El estado masí
Yo lo único que sé de Fórmula uno es que mi hermano se levantaba temprano los domingos, y empezaba a escorchar con la tele a todo volumen, que daban ganas de matarlo de a poco y que le duela.
Eso y que era un fanático del efecto suelo.
Tanto remachaba con el dichoso efecto suelo, que un día terminé por preguntarle "Polo, Polito, serías tan amable de explicarme qué miércoles es el efecto suelo con el que tanto jodés?"

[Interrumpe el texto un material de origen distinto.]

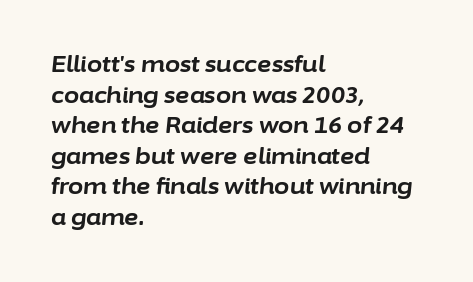
The image shows 22 px bold type, italic (leaning right); set left-aligned, normal line spacing (1.39x), normal letter spacing, not underlined.
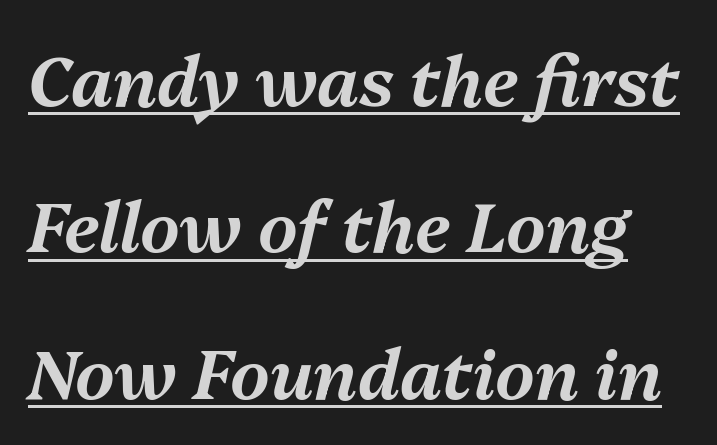
Is this a fixed-width face? No — the glyphs have proportional, varying widths. Standard letterfit; no display-style spreading of the glyphs. Line spacing here is loose. The string is rendered with underlining switched on. When letters slant like this, we call the style italic.
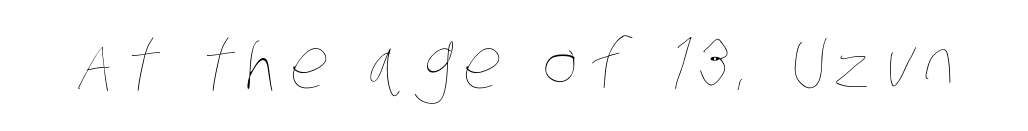
Q: Is the text bold? A: No.
Q: Is the text underlined? A: No.
Q: Width (condensed, normal, or wide)? A: Condensed.
Q: Stroke contrast? A: Low.
Q: x-height? A: Large.
Q: Monospaced? A: No.
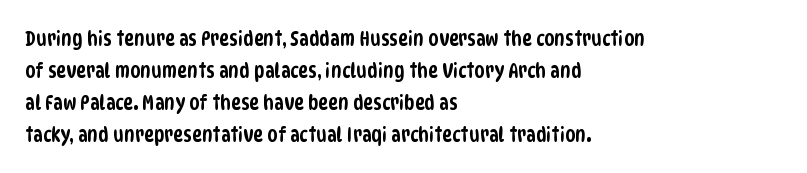
The image shows 21 px text type; set left-aligned, normal line spacing (1.53x), normal letter spacing, not underlined.
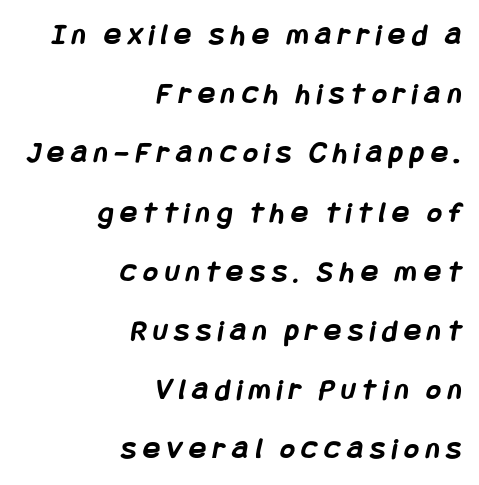
The image shows 31 px semibold, condensed sans-serif type; set right-aligned, loose line spacing (1.91x), unusually wide letter spacing (+0.23 em), not underlined; low stroke contrast and a large x-height.
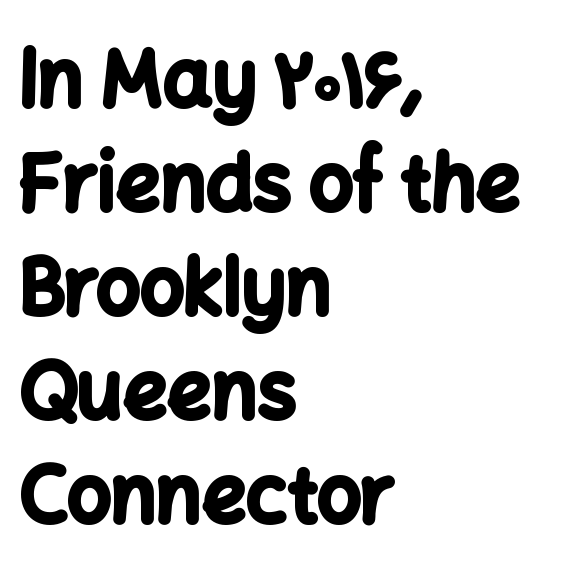
Note the varied advance widths — an 'i' is clearly narrower than an 'm'. You could call the tracking neutral — neither tight nor loose. Examine the stroke ends and you'll find no serifs. In terms of weight, the rendering is a true, heavy bold. Reading down the block, your eye returns to a fixed left position each line. The words here are not underlined.
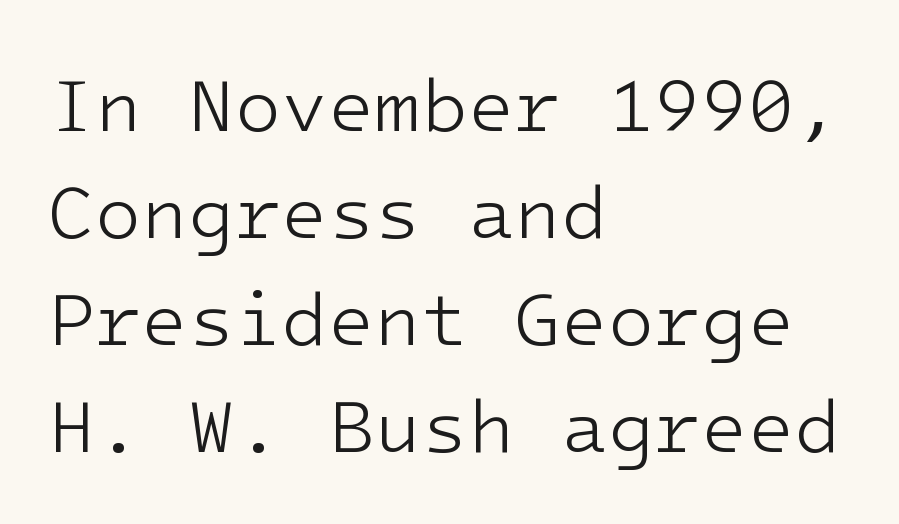
{"serif": "no", "italic": "no", "bold": "no", "weight": "light", "width": "normal", "stroke_contrast": "low", "x_height": "medium", "underline": "no", "align": "left", "line_spacing": "normal", "line_spacing_ratio": 1.41, "letter_spacing": "normal", "letter_spacing_em": 0.0, "glyph_px": 76}

Y resultó que el tan mentado efecto suelo era una pollerita que les ponían a los autos para que se pegaran a la pista, o algo así, y anduvieran más veloces que la mierda. Yo lo traté de maricón por entusiasmarse con las polleritas, y terminamos a las corridas y uno que otro chirlo, para variar.
No sé si de esa época o más cerca, data lo del momento Gancia, momento Cinzano, no sé cual, pero uno de los dos, seguro. El tema es que había unos chetos en la pantalla de la tele, que disfrutaban toda la noche con pilcha de primera y cara de pelotudos, y eran pero refelices, gracias al momento de este vino de hierbas. Bebidas asquerosas si las hay, mirá si encima les vas a dedicar un momento.
Pero bueno. El tema es que con el asunto del momento, vendieron como locos. Y ahí andaban las chirusas pasándose del Fernet al Gancia y cambiando del Comander al Parliament y su boquilla filtrónica para aprender a jugar al Backgamon, y todas esas cosas bonitas que nos enseña la publicidad.
Así fue como aprendí que esa es la manera en que la gente prospera: le pone un nombre fifí a sus ocurrencias, y se abre paso en la vida. Por lo tanto, yo he decidido hacerlos participar de mi nuevo chiche: el estado masí.
Como todos los descubrimientos importantes; el radio, la boligoma o el agua hirviendo, el estado masí es algo a lo que llegué de puro pedo. Pero no sin vocación.
¿Qué pasó? Fácil. Uno de estos días que estaba estriándome hasta las várices de puro estrés, me vino una iluminación.
"Ma sí" - me dije desde muy adentro - "por mí se van todos al carajo".
Y de golpe la tarde se me alisó.
Empecé a rumiar un poco, y me dí cuenta que si conservaba la primera partícula de la frase, y reemplazaba la segunda según el problema a resolver, estaba a las puertas de algo pero grosso en serio.
"Ma sí, que la luz la pague tu abuela"
"Ma sí, hacete la cama si querés y sino dormí en un chiquero"
"Ma sí, que se compre un par de mocasines y se haga patear hasta la Quiaca"
"Ma sí, yo doy parte de enferma"
¿No es impresionante? Una vez que llegás al estado masí, los problemas es como que se te desvanecen.
De nada, de nada, no me agradezcan.
En épocas de crisis, la imaginación es más importante que el aburrimiento.